(TASK ITEM):
Could you copy each line of the entries that contains "outdoors"?

Records drawn from a dataset:

------------------------------------------------

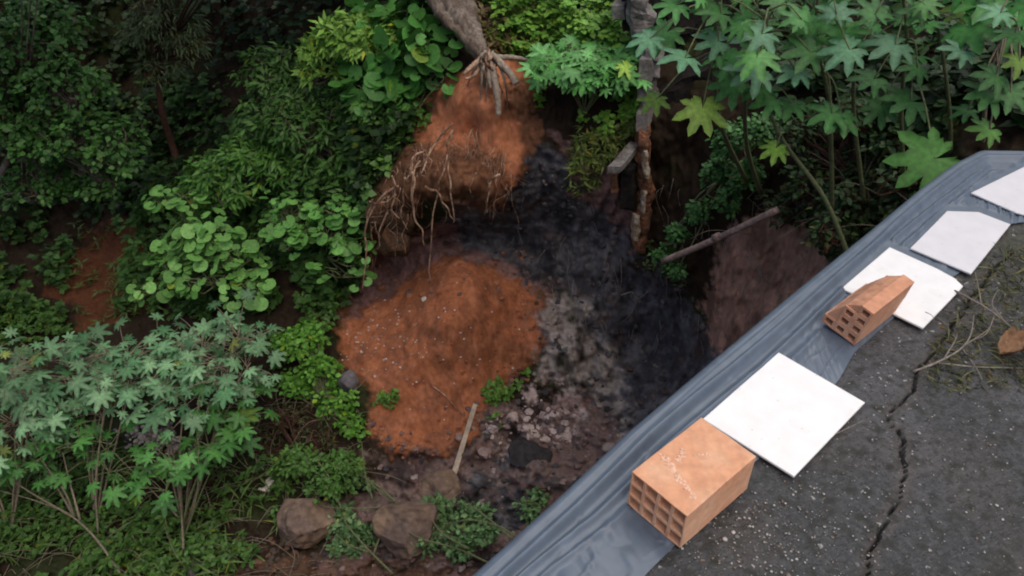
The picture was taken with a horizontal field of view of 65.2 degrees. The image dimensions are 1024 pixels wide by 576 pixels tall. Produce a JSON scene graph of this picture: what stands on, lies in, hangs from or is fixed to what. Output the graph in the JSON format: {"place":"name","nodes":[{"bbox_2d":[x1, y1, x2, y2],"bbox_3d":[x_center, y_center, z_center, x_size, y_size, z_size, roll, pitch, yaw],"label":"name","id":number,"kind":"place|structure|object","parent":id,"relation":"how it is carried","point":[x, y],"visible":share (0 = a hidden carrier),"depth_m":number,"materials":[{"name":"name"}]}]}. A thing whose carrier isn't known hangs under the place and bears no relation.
{"place":"outdoors","nodes":[
{"label":"outdoors","id":0,"kind":"place"},
{"bbox_2d":[0,0,1023,575],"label":"terrain","id":1,"kind":"structure","parent":0,"point":[524,132],"depth_m":8.84,"materials":[{"name":"soil"}]},
{"bbox_2d":[0,326,92,526],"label":"castor bush","id":2,"kind":"object","parent":1,"relation":"on","point":[11,380],"visible":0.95,"depth_m":7.87,"materials":[{"name":"green plant"}]},
{"bbox_2d":[0,427,120,573],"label":"bare branch","id":3,"kind":"object","parent":1,"relation":"on","point":[71,510],"visible":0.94,"depth_m":7.71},
{"bbox_2d":[0,0,151,210],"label":"dense tree","id":4,"kind":"object","parent":1,"relation":"on","point":[30,139],"visible":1,"depth_m":9.29,"materials":[{"name":"green plant"}]},
{"bbox_2d":[0,416,156,511],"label":"castor bush","id":5,"kind":"object","parent":1,"relation":"on","point":[87,434],"visible":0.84,"depth_m":7.66,"materials":[{"name":"green plant"}]},
{"bbox_2d":[0,316,189,520],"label":"castor bush","id":6,"kind":"object","parent":1,"relation":"on","point":[100,370],"visible":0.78,"depth_m":8.07,"materials":[{"name":"green plant"}]},
{"bbox_2d":[95,407,104,533],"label":"bare branch","id":7,"kind":"object","parent":1,"relation":"on","point":[97,521],"visible":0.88,"depth_m":7.75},
{"bbox_2d":[58,220,160,324],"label":"ferns","id":8,"kind":"object","parent":1,"relation":"on","point":[89,278],"visible":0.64,"depth_m":10.96,"materials":[{"name":"green plant"}]},
{"bbox_2d":[0,254,309,575],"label":"grass","id":9,"kind":"structure","parent":1,"relation":"on","point":[206,572],"depth_m":8.08,"materials":[{"name":"green plant"}]},
{"bbox_2d":[111,0,225,184],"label":"hanging tree","id":10,"kind":"object","parent":1,"relation":"on","point":[166,49],"visible":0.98,"depth_m":9.90,"materials":[{"name":"green plant"}]},
{"bbox_2d":[0,280,340,575],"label":"weeds","id":11,"kind":"object","parent":1,"relation":"on","point":[136,525],"visible":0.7,"depth_m":8.01,"materials":[{"name":"green plant"}]},
{"bbox_2d":[112,451,178,517],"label":"bare branch","id":12,"kind":"object","parent":11,"relation":"on","point":[175,514],"visible":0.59,"depth_m":7.89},
{"bbox_2d":[0,66,376,325],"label":"slope undergrowth","id":13,"kind":"object","parent":1,"relation":"on","point":[250,215],"visible":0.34,"depth_m":10.52,"materials":[{"name":"green plant"}]},
{"bbox_2d":[186,559,201,575],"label":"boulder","id":14,"kind":"object","parent":1,"relation":"on","point":[192,572],"visible":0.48,"depth_m":7.65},
{"bbox_2d":[111,286,286,528],"bbox_3d":[-3.197,1.084,8.486,1.690,1.646,1.783,-26,45,-29],"label":"castor bush","id":15,"kind":"object","parent":1,"relation":"on","point":[188,364],"visible":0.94,"depth_m":8.03,"materials":[{"name":"green plant"}]},
{"bbox_2d":[126,179,275,312],"bbox_3d":[-3.418,-0.455,9.107,1.767,1.338,1.242,10,40,12],"label":"round leaf vine","id":16,"kind":"object","parent":1,"relation":"on","point":[208,246],"visible":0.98,"depth_m":8.91,"materials":[{"name":"green plant"}]},
{"bbox_2d":[121,376,280,558],"bbox_3d":[-2.959,1.730,7.989,0.872,1.305,1.659,26,45,29],"label":"castor bush","id":17,"kind":"object","parent":1,"relation":"on","point":[215,451],"visible":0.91,"depth_m":7.71,"materials":[{"name":"green plant"}]},
{"bbox_2d":[178,485,184,549],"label":"bare branch","id":18,"kind":"object","parent":17,"relation":"attached to","point":[182,532],"visible":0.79,"depth_m":7.69,"materials":[{"name":"brown wood"}]},
{"bbox_2d":[0,0,441,288],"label":"dark undergrowth","id":19,"kind":"object","parent":1,"relation":"on","point":[379,133],"visible":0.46,"depth_m":10.80,"materials":[{"name":"green plant"}]},
{"bbox_2d":[172,129,301,236],"bbox_3d":[-3.182,-1.085,9.394,1.626,1.531,0.801,0,38,0],"label":"palm leaf shrub","id":20,"kind":"object","parent":1,"relation":"on","point":[226,171],"visible":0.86,"depth_m":9.06,"materials":[{"name":"green plant"}]},
{"bbox_2d":[258,477,273,491],"bbox_3d":[-2.559,2.069,8.416,0.238,0.169,0.110,-14,41,-17],"label":"plastic scrap","id":21,"kind":"object","parent":1,"relation":"on","point":[269,483],"visible":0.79,"depth_m":8.41,"materials":[{"name":"white plastic"}]},
{"bbox_2d":[226,41,354,214],"bbox_3d":[-2.420,-1.676,9.462,1.473,1.975,2.711,-27,46,-30],"label":"narrow leaf shrub","id":22,"kind":"object","parent":1,"relation":"on","point":[282,110],"visible":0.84,"depth_m":9.04,"materials":[{"name":"green plant"}]},
{"bbox_2d":[240,398,341,455],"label":"dry bush","id":23,"kind":"object","parent":1,"relation":"on","point":[289,422],"visible":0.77,"depth_m":8.63,"materials":[{"name":"green plant"}]},
{"bbox_2d":[276,498,336,548],"bbox_3d":[-2.068,2.330,8.073,0.597,0.421,0.522,-16,41,-19],"label":"boulder","id":24,"kind":"object","parent":1,"relation":"on","point":[302,522],"visible":0.89,"depth_m":7.92,"materials":[{"name":"brown stone"}]},
{"bbox_2d":[266,441,367,505],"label":"weed clump","id":25,"kind":"object","parent":1,"relation":"on","point":[297,461],"visible":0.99,"depth_m":8.10,"materials":[{"name":"green plant"}]},
{"bbox_2d":[258,190,376,291],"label":"round leaf vine","id":26,"kind":"object","parent":1,"relation":"on","point":[296,237],"visible":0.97,"depth_m":8.71,"materials":[{"name":"green plant"}]},
{"bbox_2d":[271,316,370,441],"bbox_3d":[-2.139,1.033,8.732,0.789,1.028,1.305,-21,43,-24],"label":"leaf vine","id":27,"kind":"object","parent":1,"relation":"on","point":[310,377],"visible":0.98,"depth_m":8.72,"materials":[{"name":"green plant"}]},
{"bbox_2d":[290,6,403,90],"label":"rosette shrub","id":28,"kind":"object","parent":1,"relation":"on","point":[332,40],"visible":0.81,"depth_m":8.46,"materials":[{"name":"green plant"}]},
{"bbox_2d":[338,370,358,393],"bbox_3d":[-1.776,1.062,8.812,0.208,0.340,0.211,27,46,30],"label":"boulder","id":29,"kind":"object","parent":1,"relation":"on","point":[348,379],"visible":0.88,"depth_m":8.71,"materials":[{"name":"grey stone"}]},
{"bbox_2d":[301,443,396,509],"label":"broken branch","id":30,"kind":"object","parent":1,"relation":"on","point":[368,487],"visible":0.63,"depth_m":8.17,"materials":[{"name":"brown plant"}]},
{"bbox_2d":[324,500,392,573],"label":"weed","id":31,"kind":"object","parent":1,"relation":"on","point":[345,533],"visible":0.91,"depth_m":7.93,"materials":[{"name":"green plant"}]},
{"bbox_2d":[103,379,620,575],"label":"rubble","id":32,"kind":"object","parent":1,"relation":"on","point":[562,429],"visible":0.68,"depth_m":8.69,"materials":[{"name":"grey stone"}]},
{"bbox_2d":[343,97,431,181],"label":"vine","id":33,"kind":"object","parent":1,"relation":"on","point":[368,104],"visible":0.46,"depth_m":8.42,"materials":[{"name":"green plant"}]},
{"bbox_2d":[328,0,468,121],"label":"broad leaf vine","id":34,"kind":"object","parent":1,"relation":"on","point":[422,56],"visible":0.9,"depth_m":8.30,"materials":[{"name":"green plant"}]},
{"bbox_2d":[372,501,438,559],"bbox_3d":[-1.041,2.354,7.989,0.663,0.651,0.599,22,43,25],"label":"boulder","id":35,"kind":"object","parent":1,"relation":"on","point":[394,524],"visible":0.95,"depth_m":7.76,"materials":[{"name":"stone"}]},
{"bbox_2d":[340,279,535,422],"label":"pebbles","id":36,"kind":"object","parent":1,"relation":"on","point":[462,373],"visible":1,"depth_m":8.99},
{"bbox_2d":[418,469,460,503],"bbox_3d":[-0.788,2.127,8.463,0.511,0.328,0.438,0,38,0],"label":"boulder","id":37,"kind":"object","parent":1,"relation":"on","point":[445,482],"visible":0.65,"depth_m":8.38,"materials":[{"name":"stone"}]},
{"bbox_2d":[350,251,534,469],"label":"clods","id":38,"kind":"object","parent":1,"relation":"on","point":[411,446],"visible":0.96,"depth_m":8.95,"materials":[{"name":"brown soil"}]},
{"bbox_2d":[362,0,527,292],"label":"leaning tree","id":39,"kind":"object","parent":1,"relation":"on","point":[460,18],"visible":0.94,"depth_m":8.00,"materials":[{"name":"brown plant"}]},
{"bbox_2d":[433,386,462,414],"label":"dry twig","id":40,"kind":"object","parent":1,"relation":"on","point":[446,397],"visible":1,"depth_m":8.84,"materials":[{"name":"wood"}]},
{"bbox_2d":[372,367,531,428],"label":"small plants","id":41,"kind":"object","parent":1,"relation":"on","point":[497,390],"visible":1,"depth_m":8.97,"materials":[{"name":"green plant"}]},
{"bbox_2d":[0,141,906,575],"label":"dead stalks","id":42,"kind":"object","parent":1,"relation":"on","point":[336,447],"visible":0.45,"depth_m":7.94,"materials":[{"name":"plant"}]},
{"bbox_2d":[404,490,514,564],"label":"weed","id":43,"kind":"object","parent":1,"relation":"on","point":[459,539],"visible":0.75,"depth_m":7.82,"materials":[{"name":"green plant"}]},
{"bbox_2d":[452,403,476,474],"bbox_3d":[-0.532,1.687,8.724,0.065,0.382,0.857,10,40,13],"label":"wooden board","id":44,"kind":"object","parent":1,"relation":"on","point":[463,443],"visible":0.9,"depth_m":8.72,"materials":[{"name":"brown wood"}]},
{"bbox_2d":[475,0,526,55],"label":"dry fronds","id":45,"kind":"object","parent":1,"relation":"on","point":[482,13],"visible":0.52,"depth_m":8.29,"materials":[{"name":"green plant"}]},
{"bbox_2d":[507,436,552,468],"bbox_3d":[0.197,1.808,8.726,0.495,0.231,0.463,0,38,0],"label":"boulder","id":46,"kind":"object","parent":1,"relation":"on","point":[523,452],"visible":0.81,"depth_m":8.64,"materials":[{"name":"grey stone"}]},
{"bbox_2d":[511,485,550,525],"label":"weed","id":47,"kind":"object","parent":1,"relation":"on","point":[532,508],"visible":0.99,"depth_m":8.05,"materials":[{"name":"green plant"}]},
{"bbox_2d":[481,0,635,198],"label":"sparse weeds","id":48,"kind":"object","parent":1,"relation":"on","point":[592,158],"visible":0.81,"depth_m":8.18,"materials":[{"name":"green plant"}]},
{"bbox_2d":[481,0,640,141],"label":"bright undergrowth","id":49,"kind":"object","parent":1,"relation":"on","point":[605,25],"visible":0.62,"depth_m":8.12,"materials":[{"name":"green plant"}]},
{"bbox_2d":[437,160,705,422],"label":"charred crumbs","id":50,"kind":"object","parent":1,"relation":"on","point":[629,279],"visible":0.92,"depth_m":9.09,"materials":[{"name":"black soil"}]},
{"bbox_2d":[516,33,652,114],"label":"castor bush","id":51,"kind":"object","parent":1,"relation":"on","point":[588,69],"visible":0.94,"depth_m":7.56,"materials":[{"name":"green plant"}]},
{"bbox_2d":[621,291,648,298],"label":"dry twig","id":52,"kind":"object","parent":1,"relation":"on","point":[634,295],"visible":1,"depth_m":9.11,"materials":[{"name":"wood"}]},
{"bbox_2d":[506,178,826,353],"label":"rootlets","id":53,"kind":"object","parent":1,"relation":"hanging from","point":[682,267],"visible":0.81,"depth_m":8.29,"materials":[{"name":"black plant"}]},
{"bbox_2d":[607,0,782,253],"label":"trunk","id":54,"kind":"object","parent":1,"relation":"on","point":[628,169],"depth_m":7.82,"materials":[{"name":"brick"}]},
{"bbox_2d":[646,111,791,280],"bbox_3d":[1.926,-0.828,7.425,0.604,2.013,1.123,-27,46,-30],"label":"ivy","id":55,"kind":"object","parent":1,"relation":"on","point":[734,132],"visible":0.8,"depth_m":7.25,"materials":[{"name":"green plant"}]},
{"bbox_2d":[661,206,779,263],"bbox_3d":[1.825,-0.452,7.147,0.979,0.984,0.072,24,44,27],"label":"old pipe","id":56,"kind":"object","parent":1,"relation":"on","point":[716,237],"visible":1,"depth_m":7.08,"materials":[{"name":"brown metal"}]},
{"bbox_2d":[626,0,852,193],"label":"castor plant","id":57,"kind":"object","parent":1,"relation":"on","point":[655,39],"visible":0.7,"depth_m":4.72,"materials":[{"name":"green plant"}]},
{"bbox_2d":[642,141,922,287],"bbox_3d":[2.276,-0.578,7.186,0.458,2.648,2.792,-20,43,-23],"label":"bank ivy","id":58,"kind":"object","parent":1,"relation":"on","point":[852,169],"visible":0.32,"depth_m":6.30,"materials":[{"name":"green plant"}]},
{"bbox_2d":[685,0,938,251],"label":"castor plant","id":59,"kind":"object","parent":1,"relation":"on","point":[750,64],"visible":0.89,"depth_m":4.52,"materials":[{"name":"green plant"}]},
{"bbox_2d":[756,68,1022,254],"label":"thicket","id":60,"kind":"object","parent":1,"relation":"on","point":[845,205],"visible":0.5,"depth_m":6.08,"materials":[{"name":"green plant"}]},
{"bbox_2d":[757,0,1023,145],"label":"hill undergrowth","id":61,"kind":"object","parent":1,"relation":"on","point":[925,43],"visible":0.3,"depth_m":6.02,"materials":[{"name":"green plant"}]},
{"bbox_2d":[845,0,1020,198],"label":"castor plant","id":62,"kind":"object","parent":1,"relation":"on","point":[919,157],"visible":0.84,"depth_m":4.32,"materials":[{"name":"green plant"}]},
{"bbox_2d":[936,0,1023,147],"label":"castor plant","id":63,"kind":"object","parent":1,"relation":"on","point":[998,11],"visible":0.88,"depth_m":4.14,"materials":[{"name":"green plant"}]},
{"bbox_2d":[645,222,1023,575],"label":"pavement","id":64,"kind":"structure","parent":0,"point":[898,457],"depth_m":2.31,"materials":[{"name":"grey asphalt"}]},
{"bbox_2d":[473,150,1023,575],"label":"plastic tarp","id":65,"kind":"object","parent":64,"relation":"on","point":[591,521],"visible":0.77,"depth_m":2.58,"materials":[{"name":"grey plastic"}]},
{"bbox_2d":[628,418,755,547],"bbox_3d":[0.494,0.530,2.207,0.297,0.145,0.190,-29,47,-31],"label":"hollow brick","id":66,"kind":"object","parent":65,"relation":"on","point":[689,483],"visible":1,"depth_m":2.15,"materials":[{"name":"brick"}]},
{"bbox_2d":[703,353,864,477],"bbox_3d":[0.852,0.382,2.495,0.432,0.007,0.313,-31,48,-33],"label":"ceramic tile","id":67,"kind":"object","parent":65,"relation":"on","point":[785,414],"visible":0.91,"depth_m":2.48,"materials":[{"name":"white ceramic"}]},
{"bbox_2d":[821,274,913,344],"bbox_3d":[1.238,0.052,2.789,0.267,0.166,0.162,-28,46,-30],"label":"hollow brick","id":68,"kind":"object","parent":65,"relation":"on","point":[858,315],"visible":1,"depth_m":2.73,"materials":[{"name":"brick"}]},
{"bbox_2d":[843,247,962,328],"bbox_3d":[1.468,-0.009,2.987,0.380,0.007,0.309,-31,48,-33],"label":"ceramic tile","id":69,"kind":"object","parent":65,"relation":"on","point":[932,292],"visible":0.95,"depth_m":2.99,"materials":[{"name":"white ceramic"}]},
{"bbox_2d":[910,211,1009,274],"bbox_3d":[1.821,-0.207,3.236,0.235,0.007,0.464,31,48,33],"label":"ceramic tile","id":70,"kind":"object","parent":65,"relation":"on","point":[962,241],"visible":1,"depth_m":3.21,"materials":[{"name":"ceramic"}]},
{"bbox_2d":[971,167,1023,215],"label":"ceramic tile","id":71,"kind":"object","parent":65,"relation":"on","point":[1006,192],"visible":1,"depth_m":3.49,"materials":[{"name":"ceramic"}]},
{"bbox_2d":[652,301,1023,575],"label":"grit","id":72,"kind":"object","parent":64,"relation":"on","point":[820,546],"visible":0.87,"depth_m":2.17,"materials":[{"name":"grey gravel"}]},
{"bbox_2d":[912,314,989,372],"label":"twig","id":73,"kind":"object","parent":64,"relation":"on","point":[936,362],"visible":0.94,"depth_m":2.68,"materials":[{"name":"brown wood"}]},
{"bbox_2d":[921,240,1023,395],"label":"ground litter","id":74,"kind":"object","parent":64,"relation":"on","point":[1002,324],"visible":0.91,"depth_m":2.79,"materials":[{"name":"brown plant"}]},
{"bbox_2d":[962,349,982,379],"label":"twig","id":75,"kind":"object","parent":64,"relation":"on","point":[963,350],"visible":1,"depth_m":2.65,"materials":[{"name":"grey wood"}]},
{"bbox_2d":[937,362,1012,367],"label":"twig","id":76,"kind":"object","parent":64,"relation":"on","point":[971,366],"visible":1,"depth_m":2.65,"materials":[{"name":"brown wood"}]},
{"bbox_2d":[954,273,1011,340],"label":"twig","id":77,"kind":"object","parent":64,"relation":"on","point":[971,299],"visible":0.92,"depth_m":2.83,"materials":[{"name":"brown wood"}]},
{"bbox_2d":[998,326,1023,355],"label":"dry leaf","id":78,"kind":"object","parent":64,"relation":"on","point":[1011,341],"visible":1,"depth_m":2.69,"materials":[{"name":"brown plant"}]}
]}

------------------------------------------------

(SOLUTION TO THE PROBLEM):
{"place":"outdoors","nodes":[
{"label":"outdoors","id":0,"kind":"place"},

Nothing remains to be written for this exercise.